▶ _Assigned task_: Output the listing below verbatim, but drop the images.

====== Supplied information

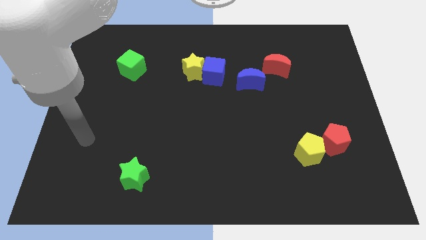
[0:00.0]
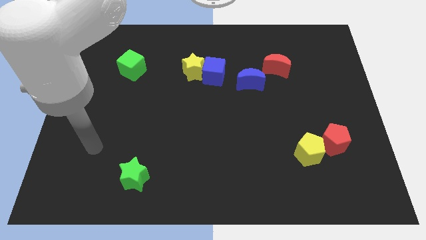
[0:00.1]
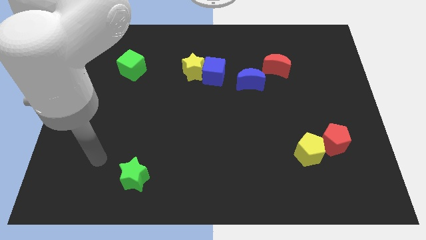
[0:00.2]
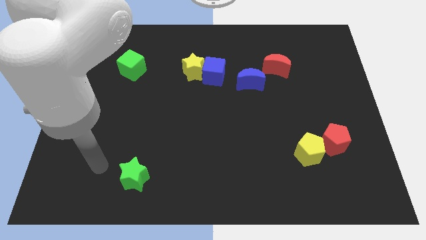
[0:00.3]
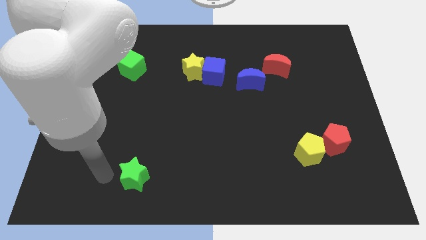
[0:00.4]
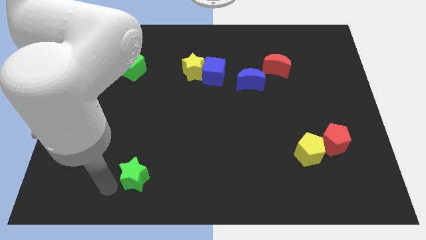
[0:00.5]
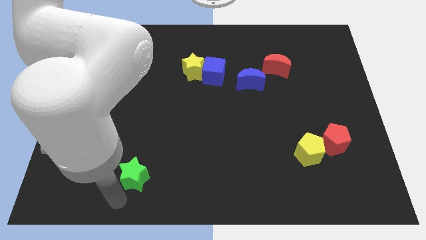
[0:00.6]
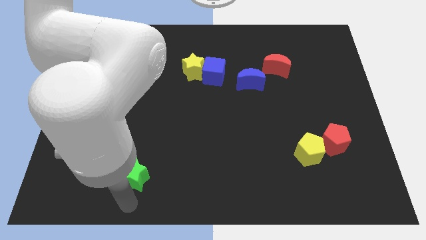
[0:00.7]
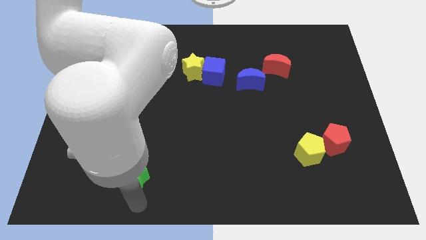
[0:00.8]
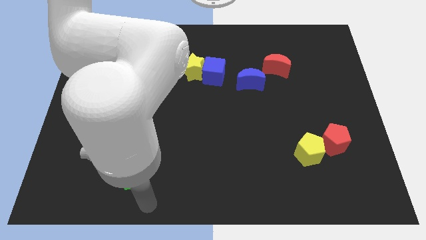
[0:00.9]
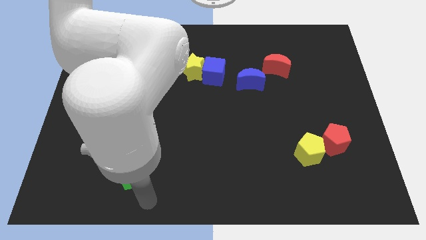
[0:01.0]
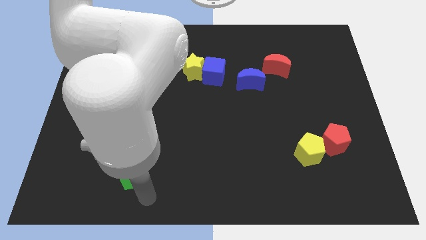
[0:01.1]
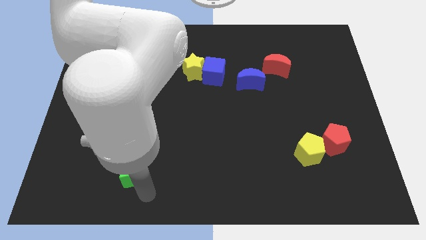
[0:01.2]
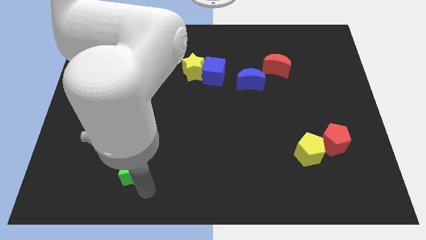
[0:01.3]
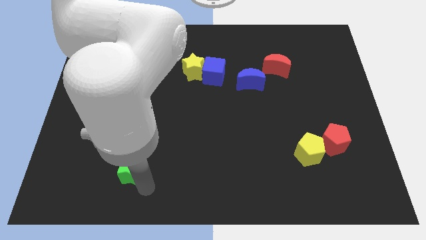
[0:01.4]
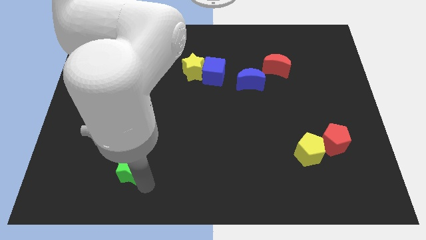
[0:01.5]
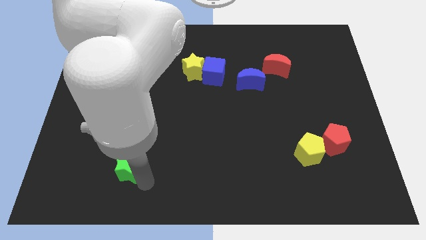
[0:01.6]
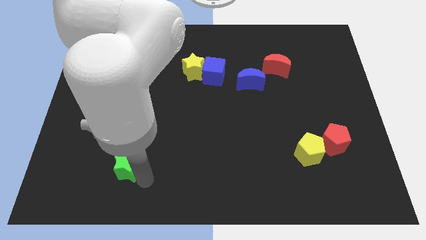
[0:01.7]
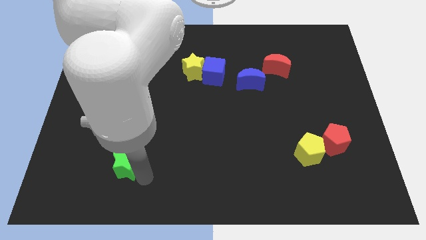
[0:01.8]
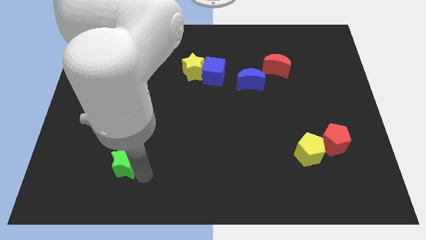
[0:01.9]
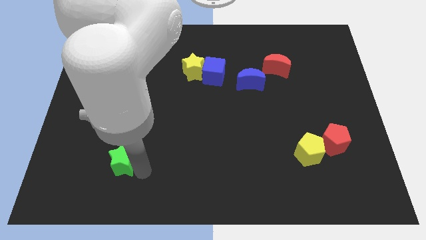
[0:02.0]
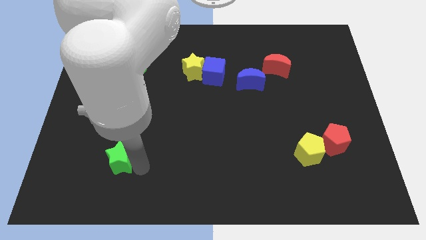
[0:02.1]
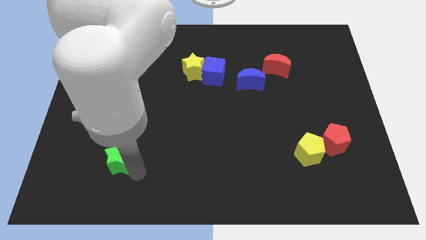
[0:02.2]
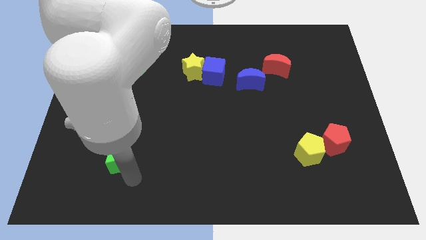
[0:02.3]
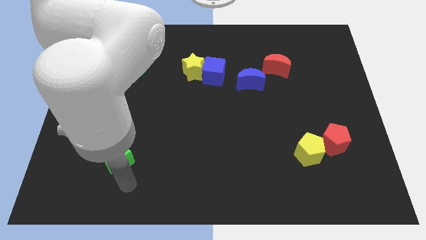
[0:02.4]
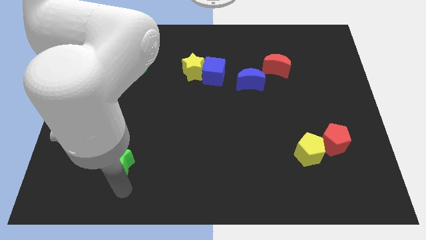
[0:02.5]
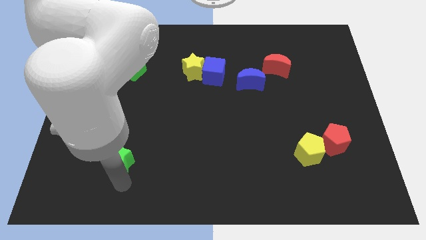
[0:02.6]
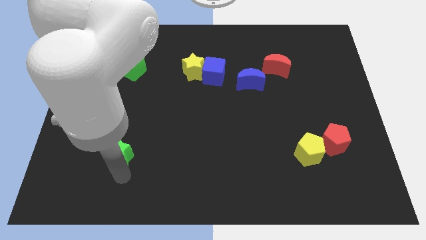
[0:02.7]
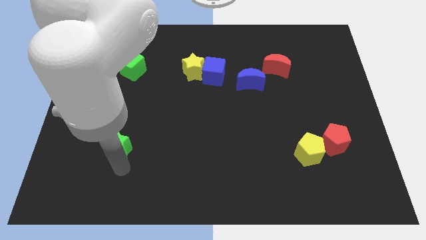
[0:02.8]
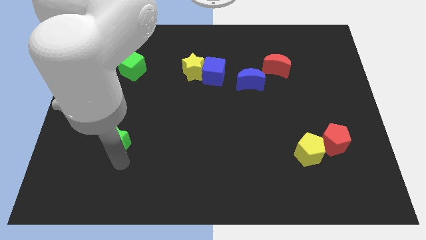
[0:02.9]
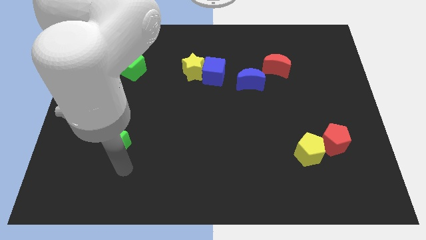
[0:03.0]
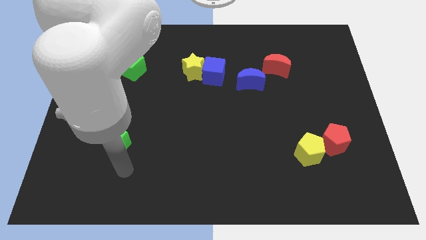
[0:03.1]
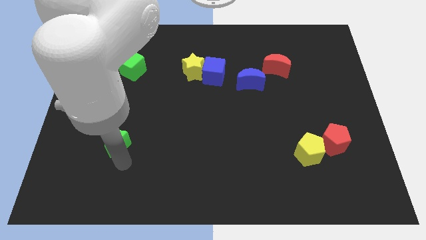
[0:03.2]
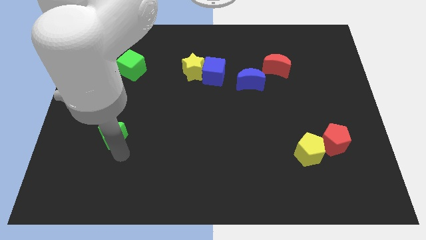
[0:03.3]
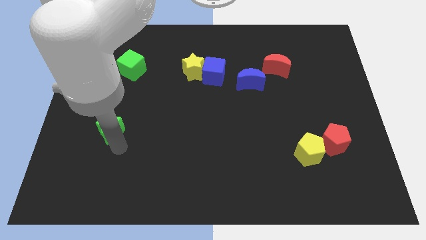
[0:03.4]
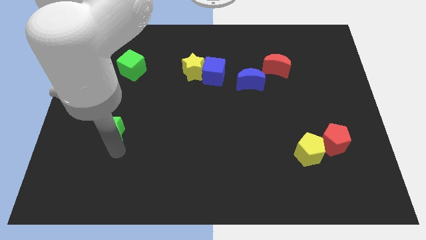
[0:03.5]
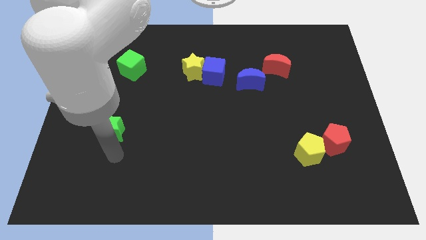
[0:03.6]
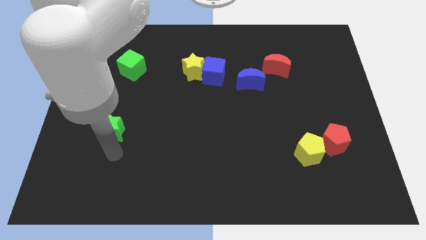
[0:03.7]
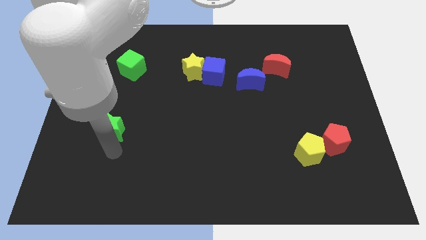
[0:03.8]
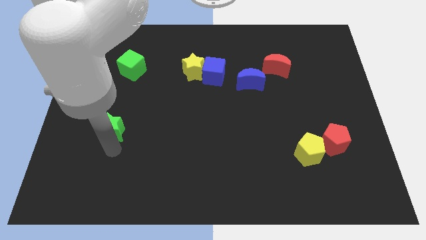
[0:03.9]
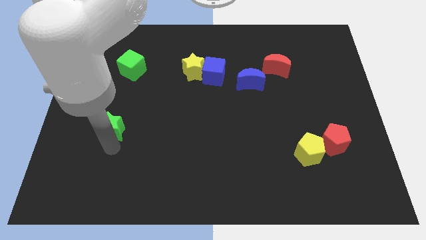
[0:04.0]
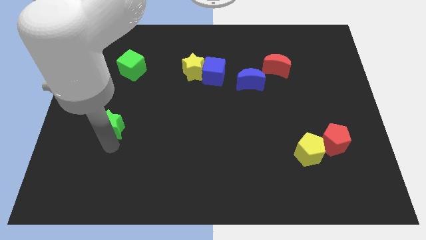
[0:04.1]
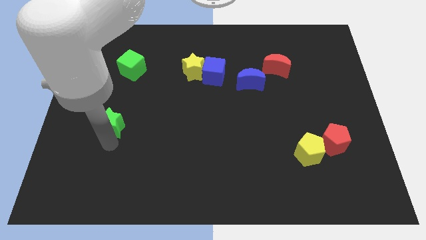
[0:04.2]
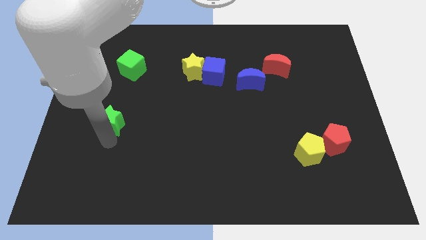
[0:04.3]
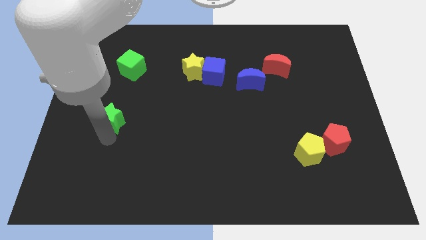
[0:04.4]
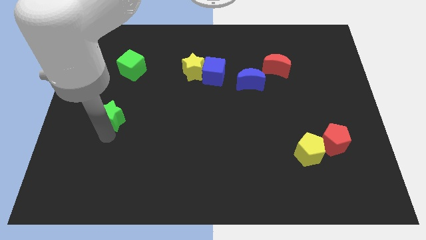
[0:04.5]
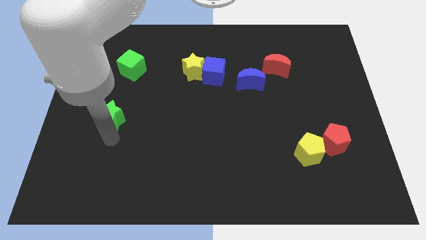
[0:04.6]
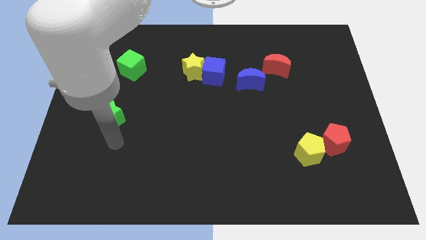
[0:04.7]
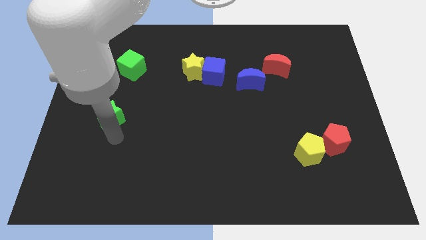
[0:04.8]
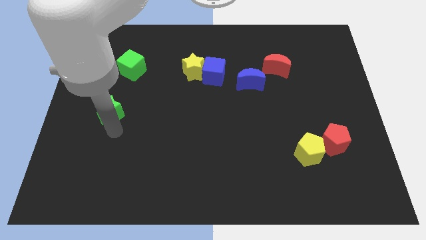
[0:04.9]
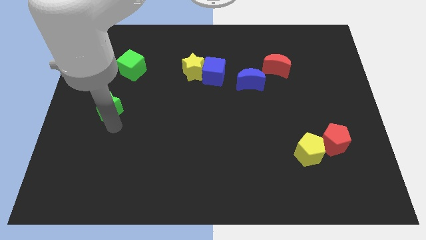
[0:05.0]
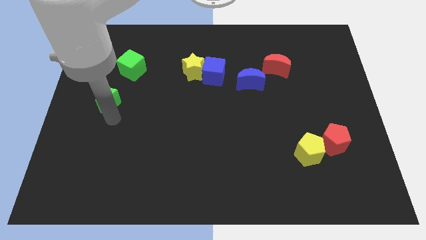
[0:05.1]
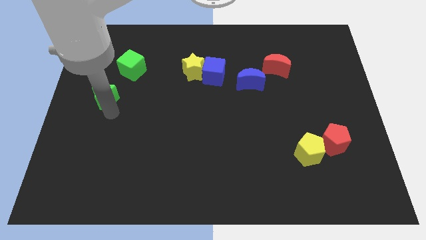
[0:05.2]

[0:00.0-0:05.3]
put the green star to the bottom left of the green cube

============

▶ _Output of the task_:
[0:00.0]
[0:00.1]
[0:00.2]
[0:00.3]
[0:00.4]
[0:00.5]
[0:00.6]
[0:00.7]
[0:00.8]
[0:00.9]
[0:01.0]
[0:01.1]
[0:01.2]
[0:01.3]
[0:01.4]
[0:01.5]
[0:01.6]
[0:01.7]
[0:01.8]
[0:01.9]
[0:02.0]
[0:02.1]
[0:02.2]
[0:02.3]
[0:02.4]
[0:02.5]
[0:02.6]
[0:02.7]
[0:02.8]
[0:02.9]
[0:03.0]
[0:03.1]
[0:03.2]
[0:03.3]
[0:03.4]
[0:03.5]
[0:03.6]
[0:03.7]
[0:03.8]
[0:03.9]
[0:04.0]
[0:04.1]
[0:04.2]
[0:04.3]
[0:04.4]
[0:04.5]
[0:04.6]
[0:04.7]
[0:04.8]
[0:04.9]
[0:05.0]
[0:05.1]
[0:05.2]

[0:00.0-0:05.3]
put the green star to the bottom left of the green cube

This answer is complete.